- Task item -
Everything in the listing below has to be repeated exactly, except the pictures.

··· Dataset records ···

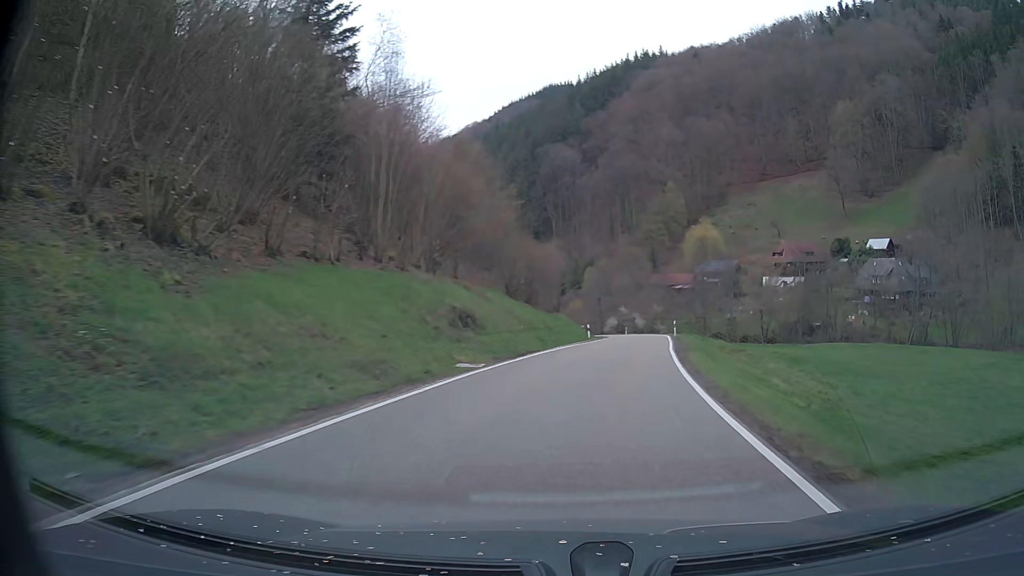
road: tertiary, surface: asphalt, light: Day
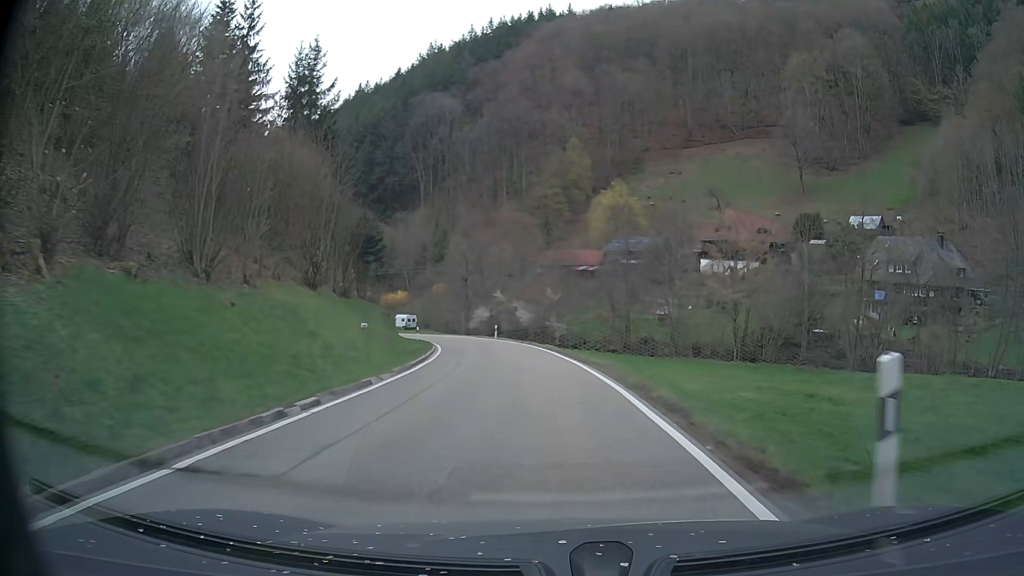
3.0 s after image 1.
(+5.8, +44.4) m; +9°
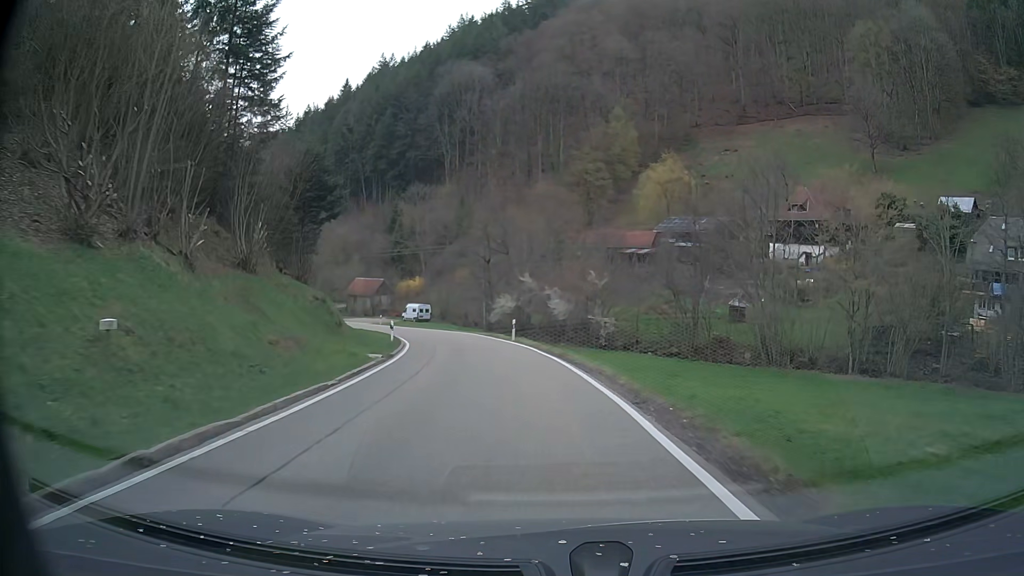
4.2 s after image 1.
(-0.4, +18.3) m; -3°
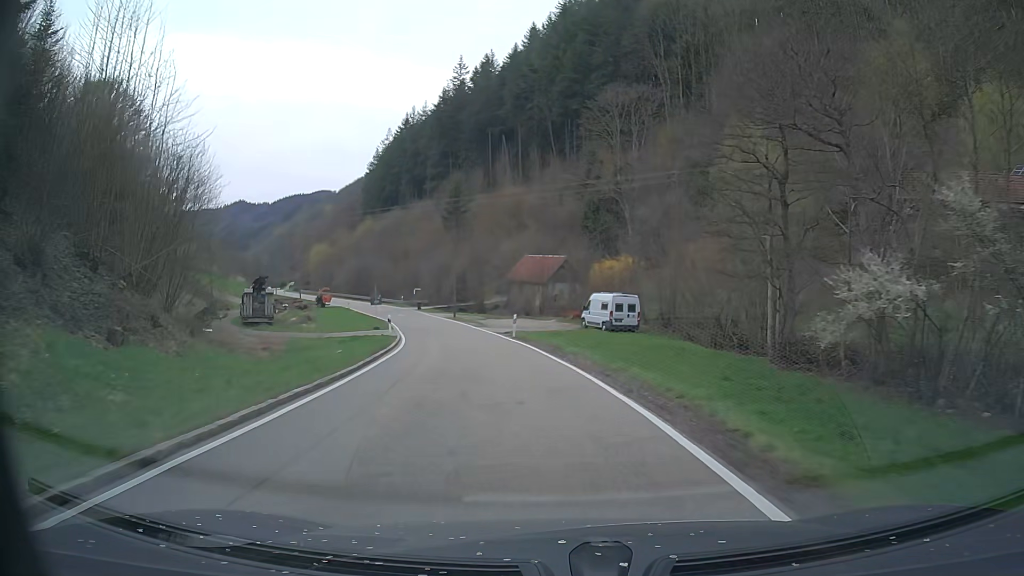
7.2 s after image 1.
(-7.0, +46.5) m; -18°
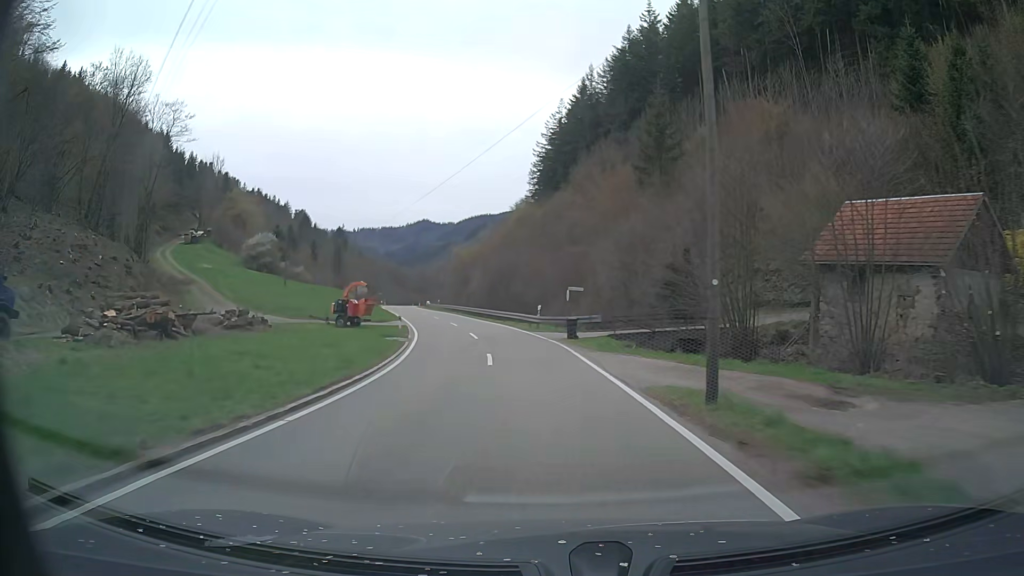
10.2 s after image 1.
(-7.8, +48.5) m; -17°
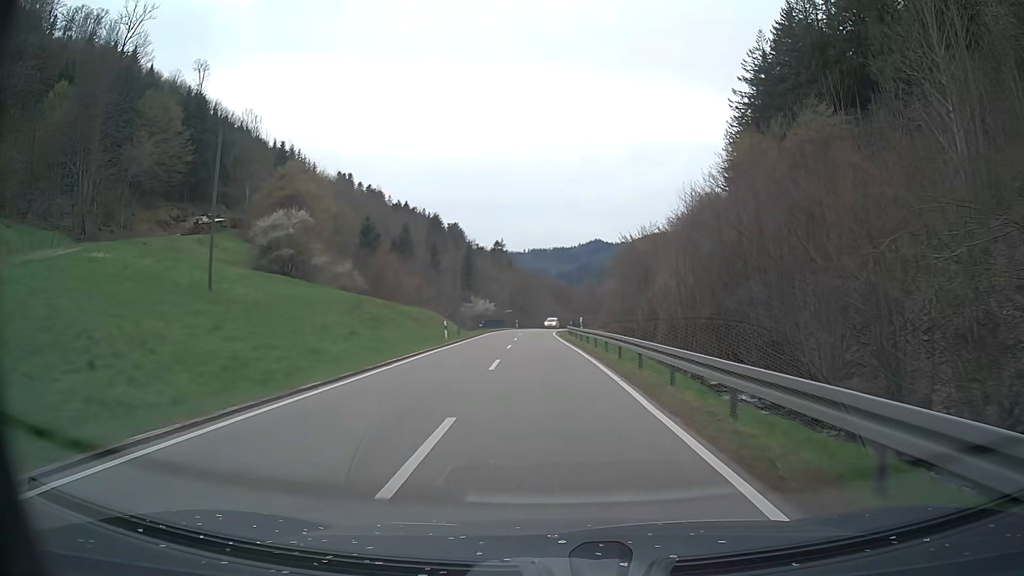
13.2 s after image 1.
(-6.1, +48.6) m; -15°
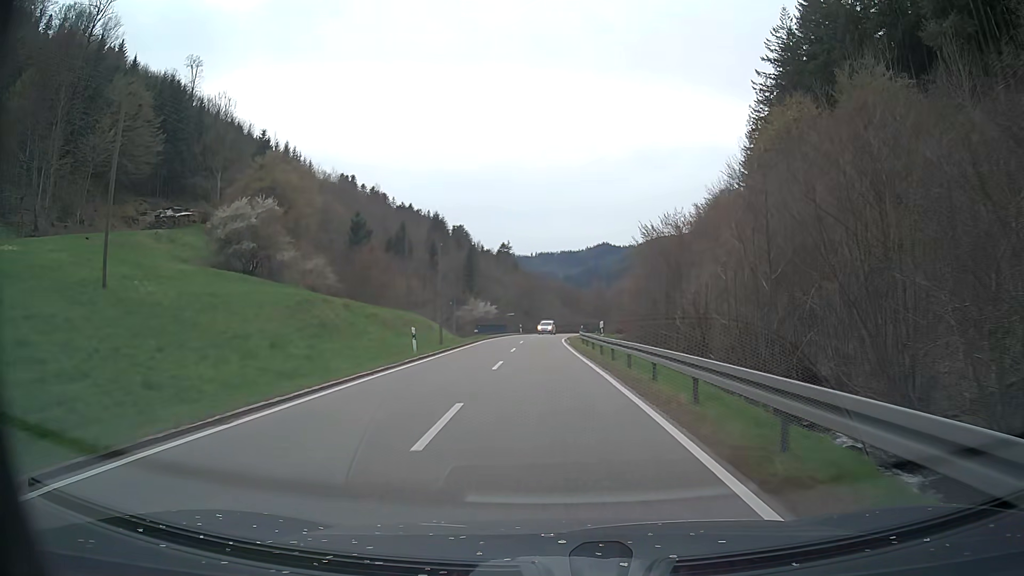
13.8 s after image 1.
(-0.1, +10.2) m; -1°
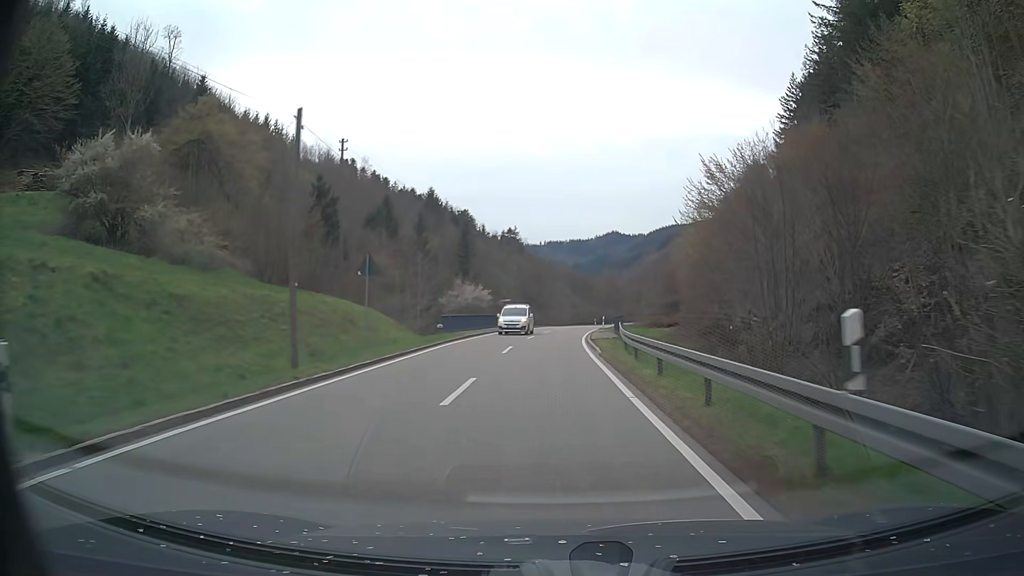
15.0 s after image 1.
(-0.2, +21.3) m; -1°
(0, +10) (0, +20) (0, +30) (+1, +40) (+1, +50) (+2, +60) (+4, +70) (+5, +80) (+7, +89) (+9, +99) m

···

- Finished exercise -
road: tertiary, surface: asphalt, light: Day
3.0 s after image 1.
(+5.8, +44.4) m; +9°
4.2 s after image 1.
(-0.4, +18.3) m; -3°
7.2 s after image 1.
(-7.0, +46.5) m; -18°
10.2 s after image 1.
(-7.8, +48.5) m; -17°
13.2 s after image 1.
(-6.1, +48.6) m; -15°
13.8 s after image 1.
(-0.1, +10.2) m; -1°
15.0 s after image 1.
(-0.2, +21.3) m; -1°
(0, +10) (0, +20) (0, +30) (+1, +40) (+1, +50) (+2, +60) (+4, +70) (+5, +80) (+7, +89) (+9, +99) m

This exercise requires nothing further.